Which one do you prefer?  benching on a smith machine or a free weight bench? Why?


----------



## kevin (May 10, 2011)

Alternating between the two is best.


----------



## forman (May 11, 2011)

It's hard to say. Probably free is better than smith but when no spotter smith is perfect. I'm adding weights on the bar from week to week, I'm growing so as long as my muscles are working I'm happy.


----------



## highrich (May 11, 2011)

mzack said:


> Which one do you prefer?  benching on a smith machine or a free weight bench? Why?

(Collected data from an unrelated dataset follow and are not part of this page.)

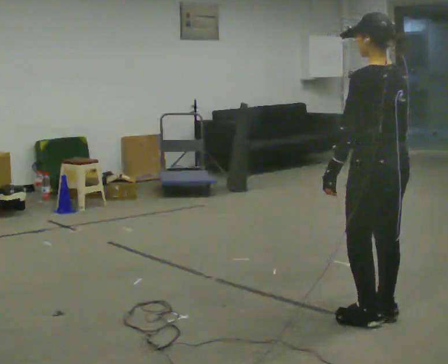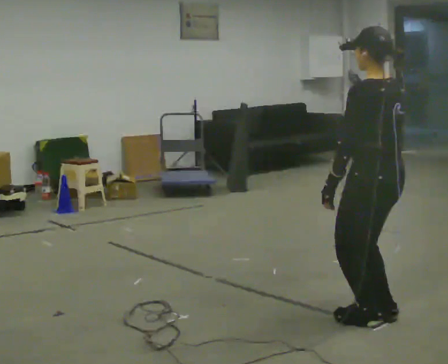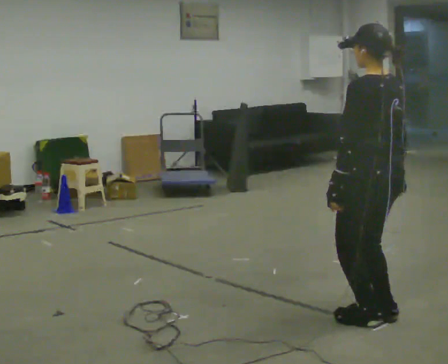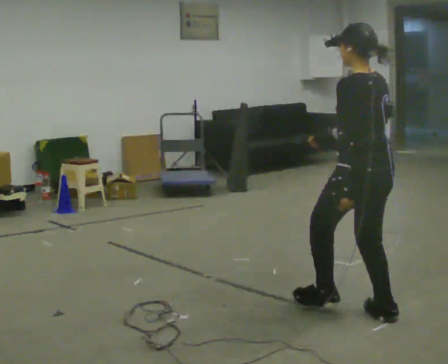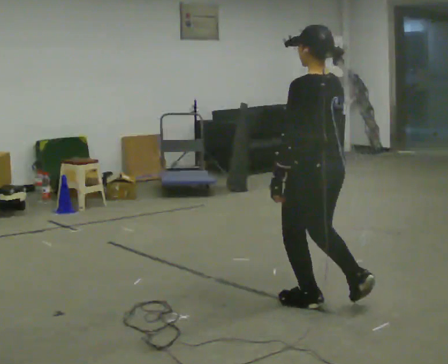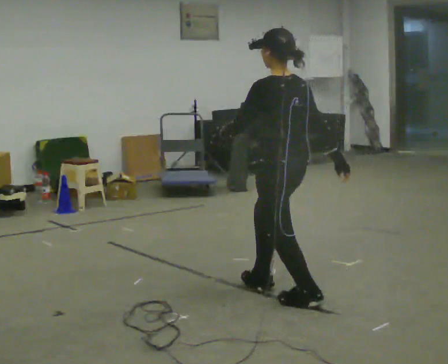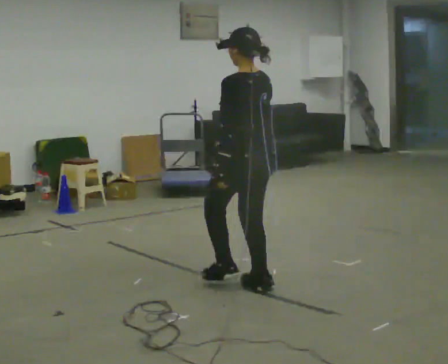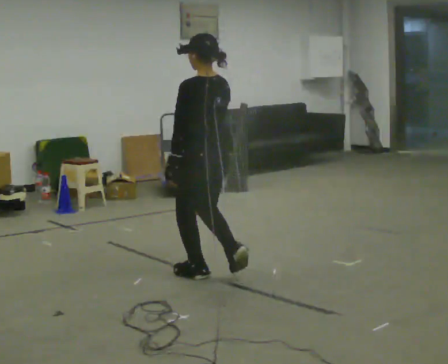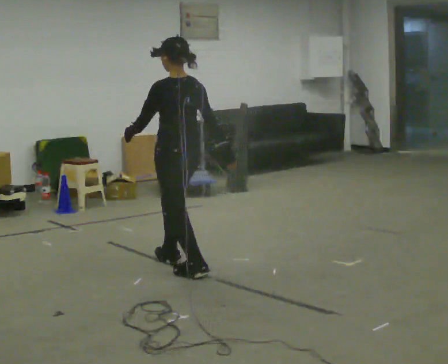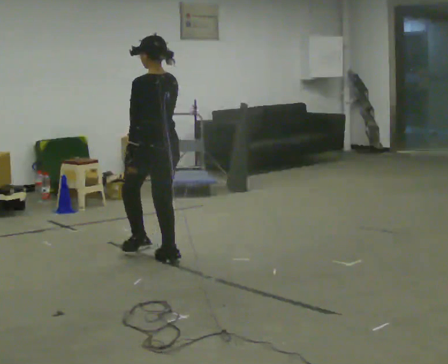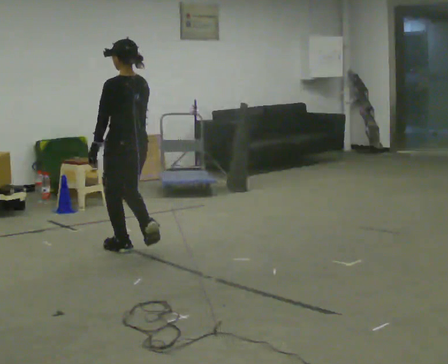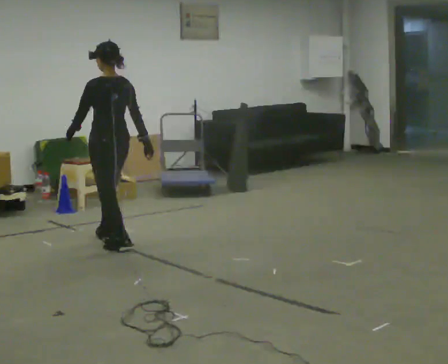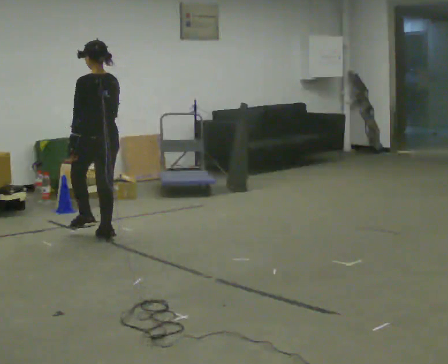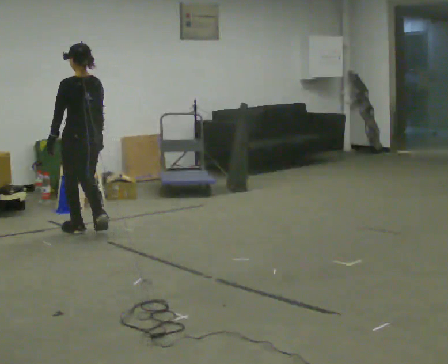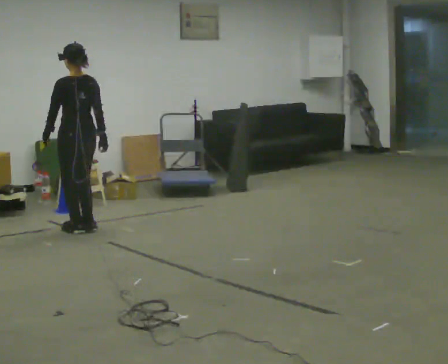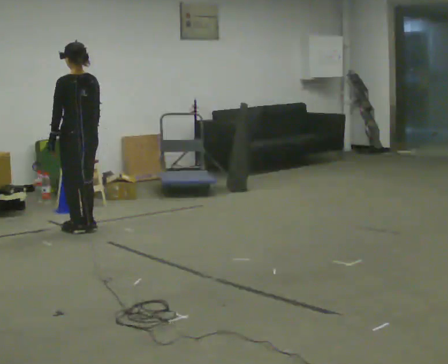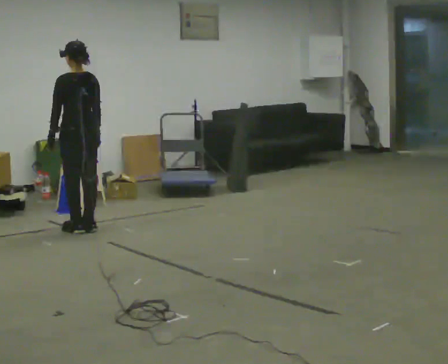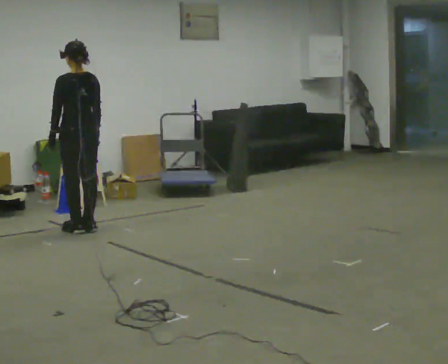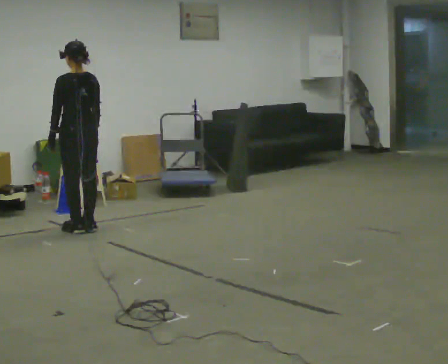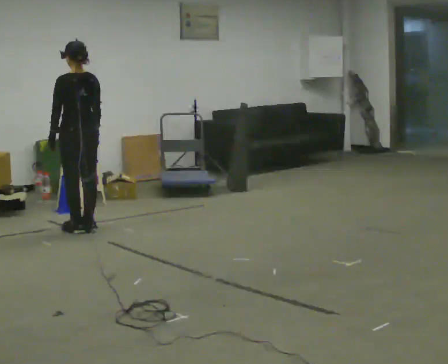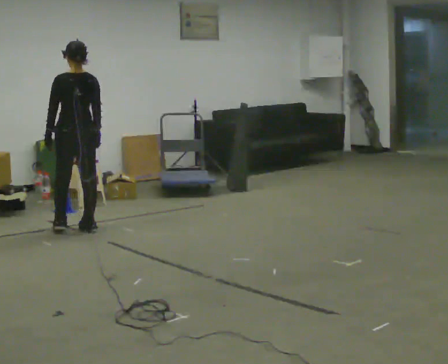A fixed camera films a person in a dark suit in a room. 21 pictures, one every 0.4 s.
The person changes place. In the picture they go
away from the camera.
0.0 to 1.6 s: In the picture they go away from the camera and to the left, about 0.5 m in 1 step, which for them is forward.
1.6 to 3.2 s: In the picture they go away from the camera and to the left, about 1 m in 3 steps, which for them is forward.
3.2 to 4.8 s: In the picture they go away from the camera and to the left, about 1 m in 2 steps, which for them is forward.
4.8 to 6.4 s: In the picture they go away from the camera and to the left, about 0.25 m in 2 steps, which for them is forward.
6.4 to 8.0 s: The person moves a little, or ends about where they began.
The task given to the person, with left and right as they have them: Walk forward in a lowered crouched posture at a comfortable speed; do not go lower than is comfortable; stop.
The film runs forward here.
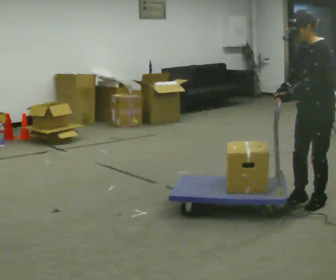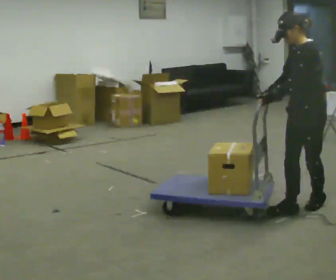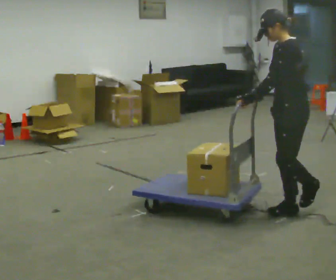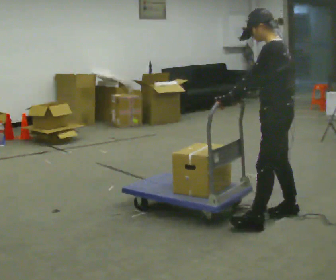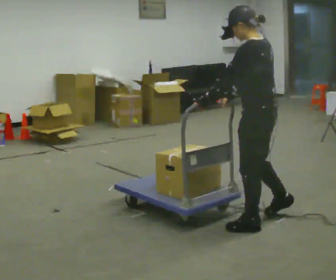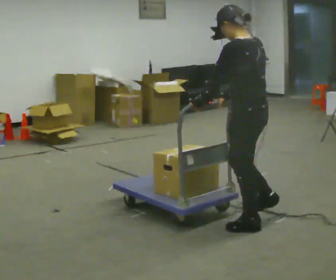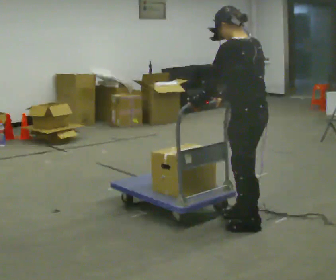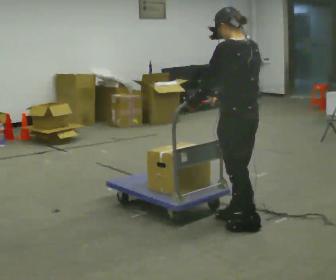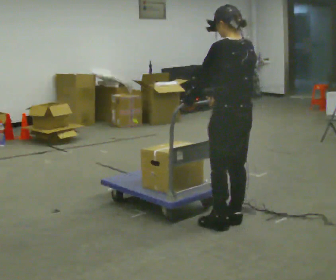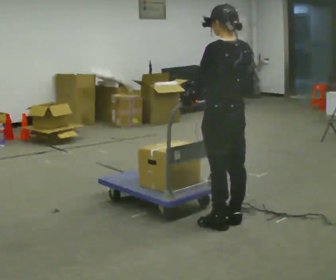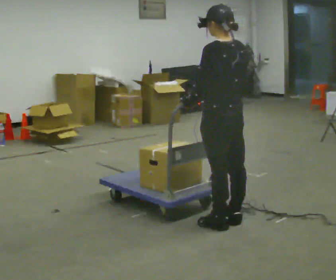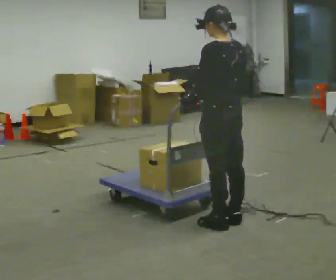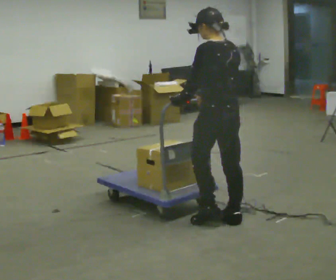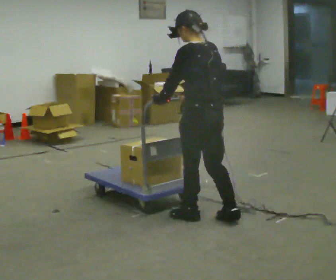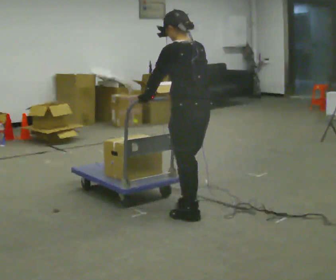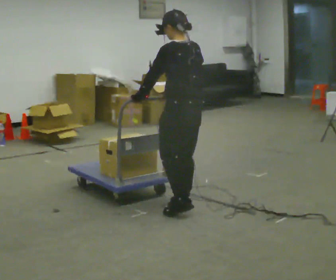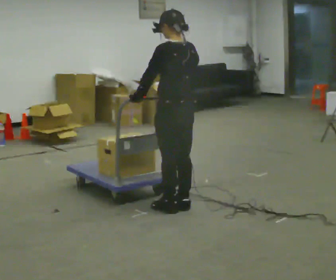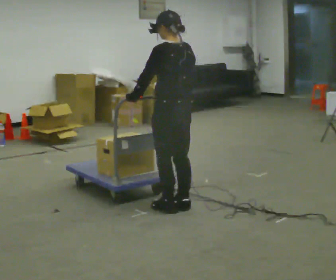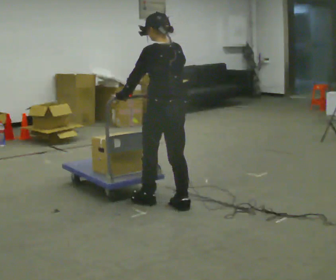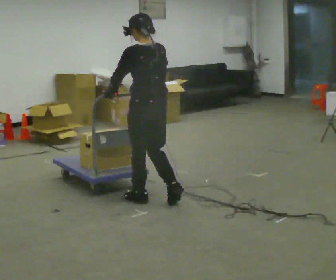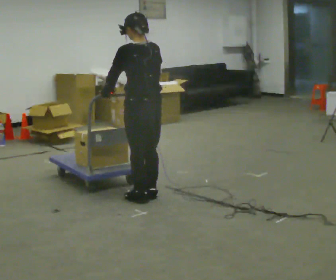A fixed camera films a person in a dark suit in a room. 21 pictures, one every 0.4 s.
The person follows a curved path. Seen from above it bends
clockwise.
The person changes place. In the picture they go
to the left.
0.0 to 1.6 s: The part of the body nearest the lens slides to the left as the person turns to their right by about 45 degrees. In the picture they go to the left and toward the camera, about 0.5 m in 2 steps, which for them is forward.
1.6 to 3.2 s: In the picture they go to the left, about 0.25 m in 2 steps, which for them is forward.
3.2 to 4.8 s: The person moves a little, or ends about where they began.
4.8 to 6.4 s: In the picture they go to the left and away from the camera, about 0.5 m in 3 steps, which for them is forward.
6.4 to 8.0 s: In the picture they go to the left and away from the camera, about 0.25 m in 2 steps, which for them is forward.
The film runs forward here.

Just free weight bench for me bro. I benched  a smith only on my first year of training. My pecs don’t get hit properly in a conditioned movement like on a smith machine.


----------



## Big Danny (May 16, 2011)

Unless I'm warming up, only free weights for a proper workout.


----------



## vip0 (May 18, 2011)

4mee2


----------



## yuris (May 19, 2011)

Smith machine is great when you don't have a training partner, and gives you more confidence to increase weight.

Both hit the muscle correctly, so they both work your pecks,but with the free weight you have to balance the bar, which stresses more the muscle, in consequence you will probably have a thicker peck and slightly bigger.


----------